The foothold of current these cluster power-saving technologies is, in cluster, the access of data is to disperse and unfixed, and this is relevant with the distribution of data in whole cluster.Present server cluster has much all been realized load-balancing technique, make data in cluster can be on server mean allocation, prevent the individual servers overload and the idle situation of other servers, to reach the purpose of concurrent processing.
But industrial research shows, only has 20% data to enliven, and be in disabled state and remain 80% data, and the activity of these data also can time to time change.Even if therefore cluster has reached load balancing, but because the access characteristics of data is inconsistent, be bound to occur the individual servers load heavy, and the light situation of all the other server loads.
Current this cluster power-saving technology is with load centralization in fact, makes whole cluster be in again the state of load imbalance, then idle node is adjusted to power save mode.This way is the inverse process of load balancing in fact.Though temporarily solved subproblem, also paid cost, for example the load of each node in cluster is monitored, need the sensor instrument, increased again departmental cost.
Thus, the server utilization rate in cluster is low, wastes in a large number electric energy, is in fact to carry out the inevitable outcome that load-balancing technique brings in whole cluster.If but do not realize load balancing, may make the individual servers in cluster become access bottleneck.Therefore, solve the problem of cluster power consumption, guarantee that again the individual servers in cluster can not become access bottleneck, just need a brand-new data configuration mode.
Summary of the invention
The present invention provides the classification storage that a kind of cost is low, automaticity is high power-economizing method for solving the problems of the technologies described above, and said method comprising the steps of:
The storage automatic classification: cluster starts, and utilizes the present memory hierarchy of host name identification each main frame of identification, and proportionally knot adjustment that memory hierarchy is low is energy saver mode;
Directed access: chosen distance is near, memory hierarchy is high, the accumulation layer of normal mode of operation is stored and file reading;
Seek dsc data: the visit information of each data block in log file, judgement migration opportunity when migration arrives opportunity, according to described recorded information, draw the value of each visit data piece, form from high to low formation according to being worth;
Data block migration: costly data block is moved to the high accumulation layer of memory hierarchy, move to the low accumulation layer of memory hierarchy with being worth low data block.
Preferably, described method also comprises: the self-adaptation adjustment: after Data Migration was completed, more the new data block visit information, restarted monitoring.
Preferably, process described recorded information by the information Valuation Modelling, described data block visit information comprises calling party, access time and data block information.
Preferably, by formation filtering model and route matching model, on the basis of the data block value formation that obtains, form concrete Data Migration task after the information Valuation Modelling is processed, utilize migration to control model and complete Data Migration.

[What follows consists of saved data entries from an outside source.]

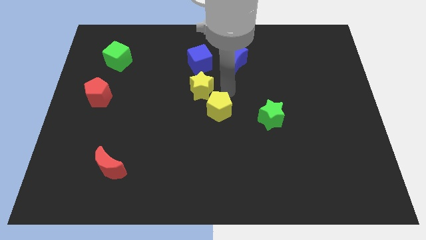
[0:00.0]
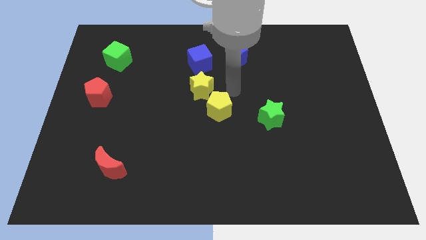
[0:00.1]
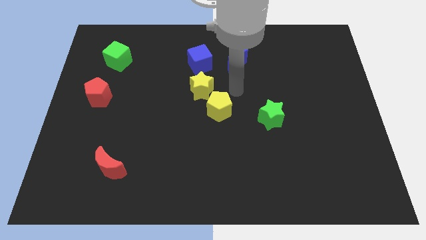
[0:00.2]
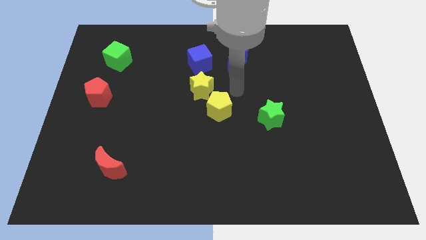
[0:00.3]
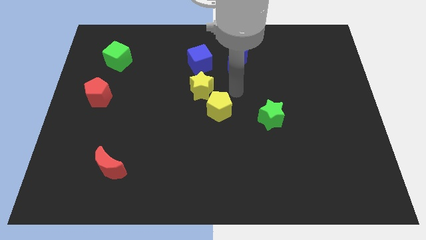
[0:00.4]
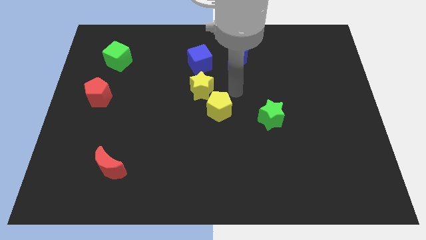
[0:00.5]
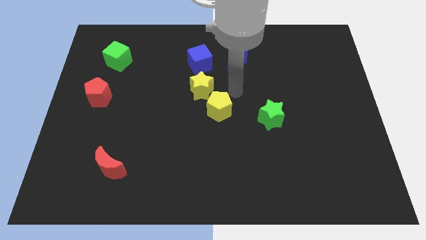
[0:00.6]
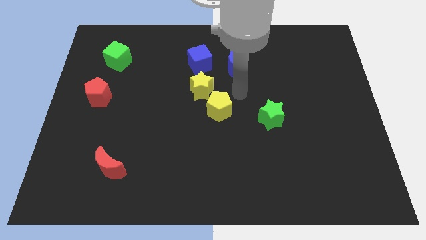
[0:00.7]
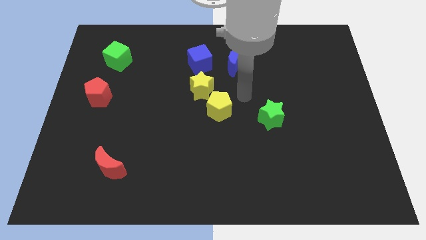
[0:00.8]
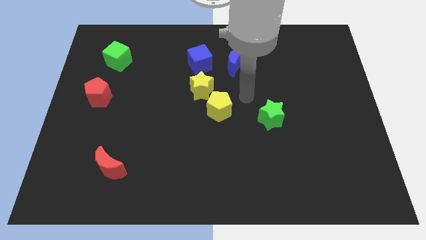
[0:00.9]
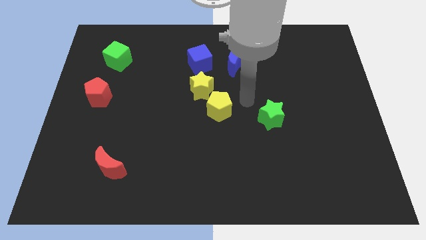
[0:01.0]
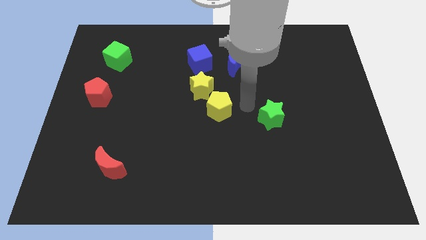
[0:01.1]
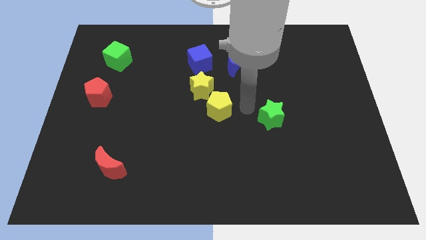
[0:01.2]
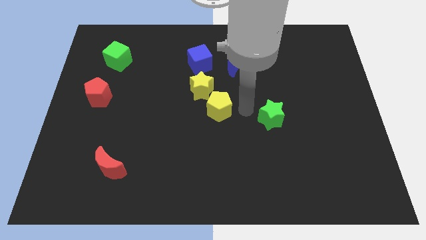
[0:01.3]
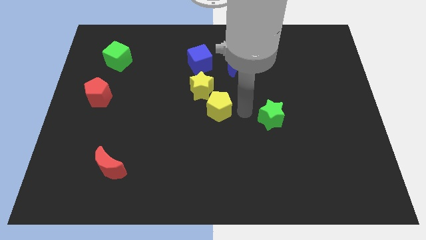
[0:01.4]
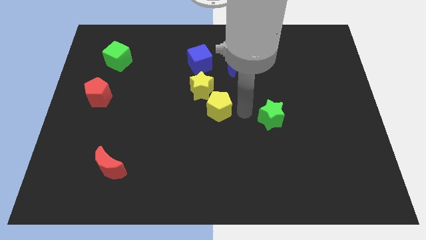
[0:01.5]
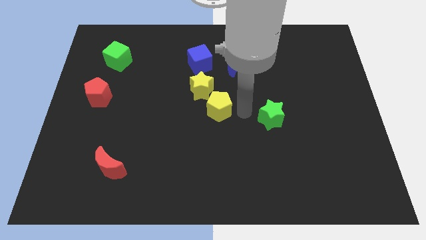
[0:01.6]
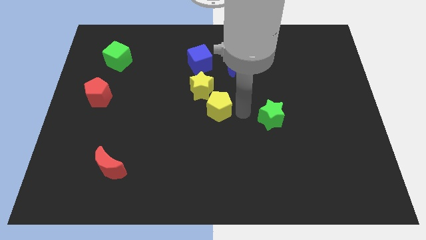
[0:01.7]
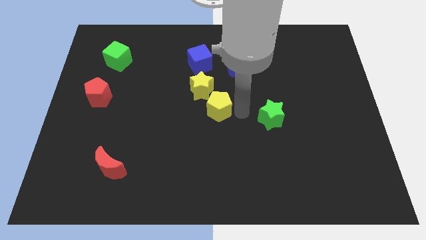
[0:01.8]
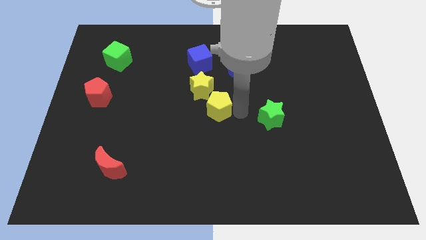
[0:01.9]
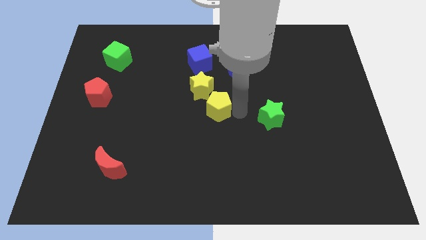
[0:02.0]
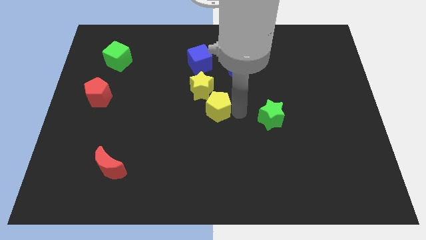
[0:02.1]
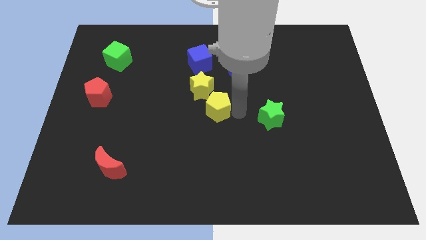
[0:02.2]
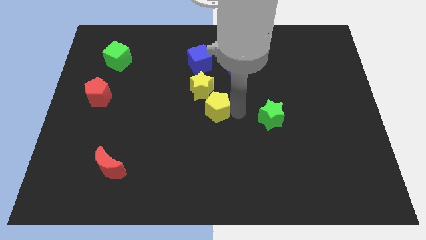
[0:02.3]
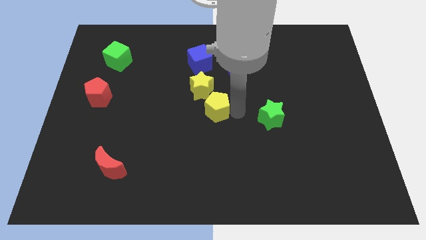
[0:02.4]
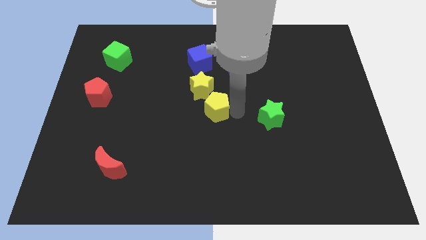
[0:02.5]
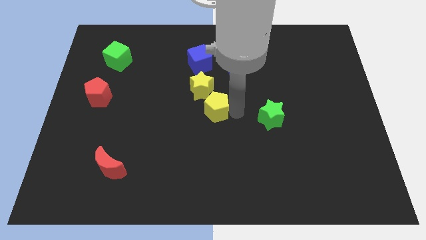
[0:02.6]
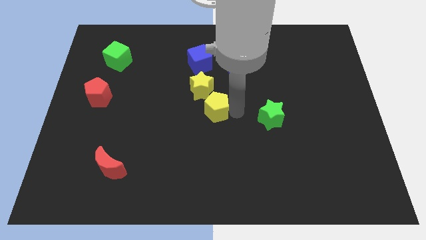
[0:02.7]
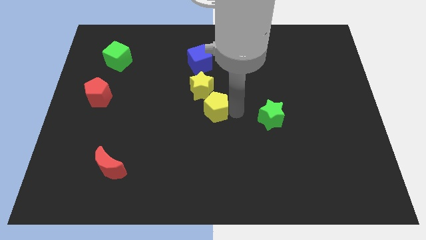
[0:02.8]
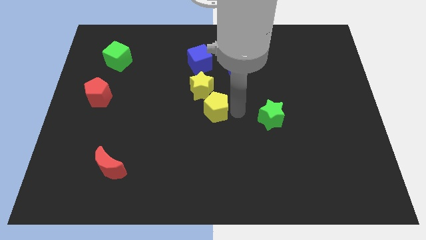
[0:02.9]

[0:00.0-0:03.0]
move your arm close to the yellow pentagon

Preferably, described formation filtering model is: fall the not data sectional of needs migration according to threshold filtering, all data sectionals in the formation that forms after filtering have all been determined migratory direction, and threshold value has reflected previous migration results on this memory hierarchy.
Preferably, described route matching model is: after all pieces have all been determined migratory direction in formation, determine migration source and the migration target of close together, the migration source selects preferentially that remaining space is less, load light, the node of normal mode of operation, and the migration target priority is selected the light node of load.

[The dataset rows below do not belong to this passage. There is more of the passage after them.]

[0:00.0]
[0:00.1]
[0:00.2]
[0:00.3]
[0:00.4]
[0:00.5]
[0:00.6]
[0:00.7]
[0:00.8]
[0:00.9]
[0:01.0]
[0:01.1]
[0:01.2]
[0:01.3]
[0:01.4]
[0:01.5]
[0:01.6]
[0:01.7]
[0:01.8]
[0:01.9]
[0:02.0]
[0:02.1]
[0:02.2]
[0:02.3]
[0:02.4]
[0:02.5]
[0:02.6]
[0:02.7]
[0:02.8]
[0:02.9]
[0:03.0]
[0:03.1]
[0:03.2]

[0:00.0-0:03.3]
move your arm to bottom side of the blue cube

Preferably, described migration is controlled model and is: carry out migration rate and control, use multithreading to carry out in batches described Data Migration task, reduce transition process to the impact of node visit performance in cluster.

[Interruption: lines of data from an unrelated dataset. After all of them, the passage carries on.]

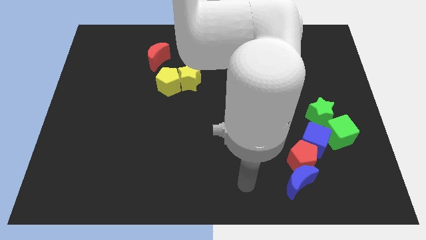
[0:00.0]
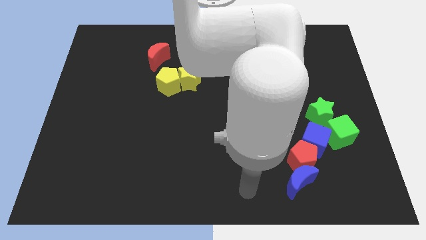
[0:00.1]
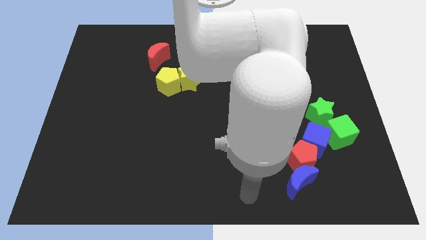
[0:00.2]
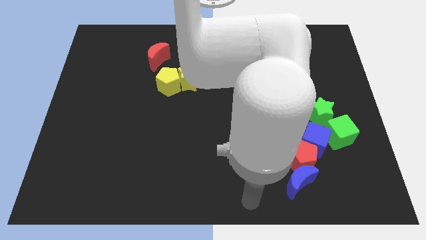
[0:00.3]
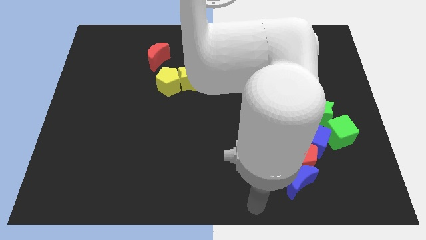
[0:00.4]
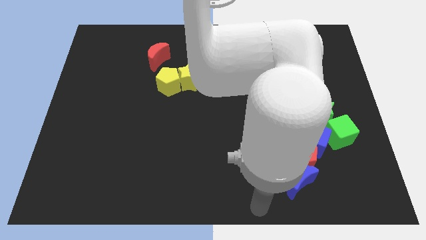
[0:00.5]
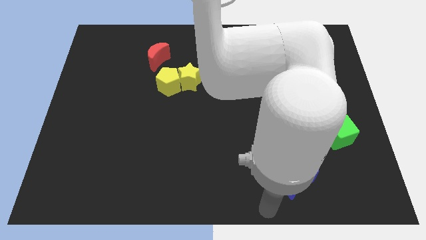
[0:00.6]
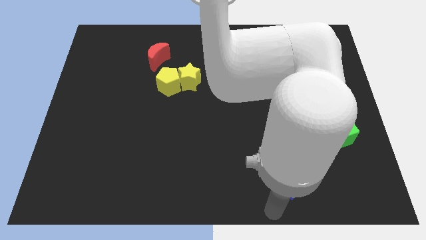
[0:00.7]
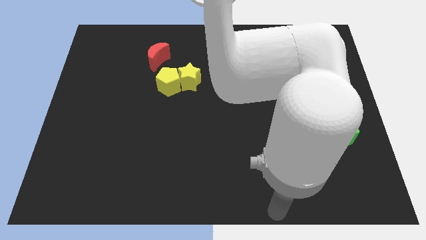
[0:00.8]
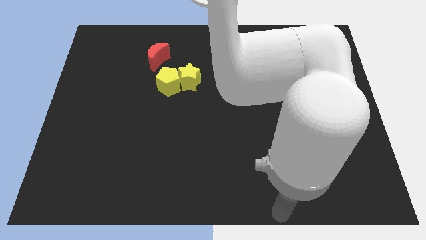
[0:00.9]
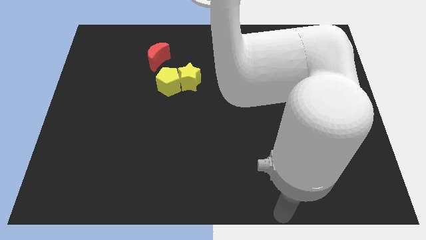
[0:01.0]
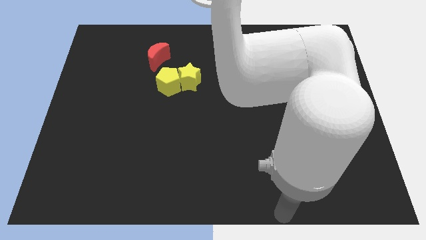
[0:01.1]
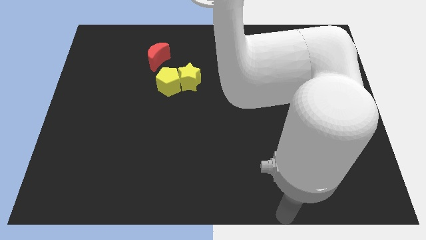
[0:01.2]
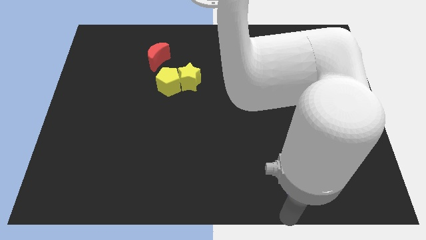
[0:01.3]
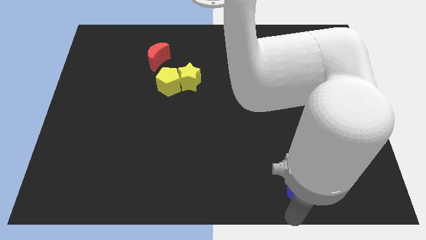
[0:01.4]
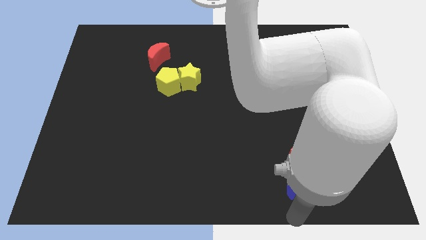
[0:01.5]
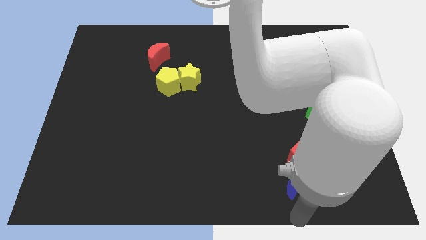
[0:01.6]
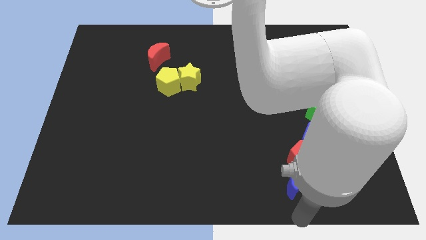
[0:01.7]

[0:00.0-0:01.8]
place your arm at the bottom of blue moon

Preferably, described renewal data block information, the step that restarts monitoring is specially:
The valuation result of storage data block is used during in order to valuation next time;
For deleted data block, delete in the Visitor Logs that system keeps;
Carry out the threshold value of each memory hierarchy upgrades according to the actual conditions of migration;
The awaking monitoring process is waited for the arrival of Data Migration next time.
Preferably, when the storage automatic classification, described memory hierarchy comprises 2 grades at least, and the criteria for classifying of memory hierarchy is: memory hierarchy is higher, and access performance is better, and the response time of processing user's request is shorter.
Preferably, 40% secondary storage layer and 60% tertiary storage layer are adjusted into energy saver mode.
Classification storage power-economizing method of the present invention is realized the classification memory technology at cluster, use the method for classification storage, use the level storage medium in cluster, the access focus is fixed in the storage of higher level, proportionally the knot adjustment that memory hierarchy is low is energy saver mode, has guaranteed the energy-conservation of cluster and has saved cost.
Description of drawings
Fig. 1 is one embodiment of the invention classification storage power-economizing method schematic flow sheet.
Embodiment
Below in conjunction with accompanying drawing and specific embodiment, the present invention is described in further detail.
As shown in Figure 1, be one embodiment of the invention classification storage power-economizing method schematic flow sheet, the method for classification storage of the present invention comprises the following steps:
Step S1: storage automatic classification.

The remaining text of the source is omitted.